> **DATA FOR PROCESSING**
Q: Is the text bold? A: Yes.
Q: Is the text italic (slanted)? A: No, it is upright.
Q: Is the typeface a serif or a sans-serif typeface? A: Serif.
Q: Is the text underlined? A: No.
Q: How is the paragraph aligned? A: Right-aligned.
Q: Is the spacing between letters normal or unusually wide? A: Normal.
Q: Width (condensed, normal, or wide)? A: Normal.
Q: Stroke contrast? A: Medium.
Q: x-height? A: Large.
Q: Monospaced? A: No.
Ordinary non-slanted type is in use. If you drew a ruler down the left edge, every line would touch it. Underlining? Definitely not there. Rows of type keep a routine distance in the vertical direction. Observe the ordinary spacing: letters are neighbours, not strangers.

> **WHAT YOU ARE ASKED TO DO**
Return the full listing. Leave every word as it stands.

> **RESULT**
Q: Is the text bold? A: Yes.
Q: Is the text italic (slanted)? A: No, it is upright.
Q: Is the typeface a serif or a sans-serif typeface? A: Serif.
Q: Is the text underlined? A: No.
Q: How is the paragraph aligned? A: Right-aligned.
Q: Is the spacing between letters normal or unusually wide? A: Normal.
Q: Width (condensed, normal, or wide)? A: Normal.
Q: Stroke contrast? A: Medium.
Q: x-height? A: Large.
Q: Monospaced? A: No.
Ordinary non-slanted type is in use. If you drew a ruler down the left edge, every line would touch it. Underlining? Definitely not there. Rows of type keep a routine distance in the vertical direction. Observe the ordinary spacing: letters are neighbours, not strangers.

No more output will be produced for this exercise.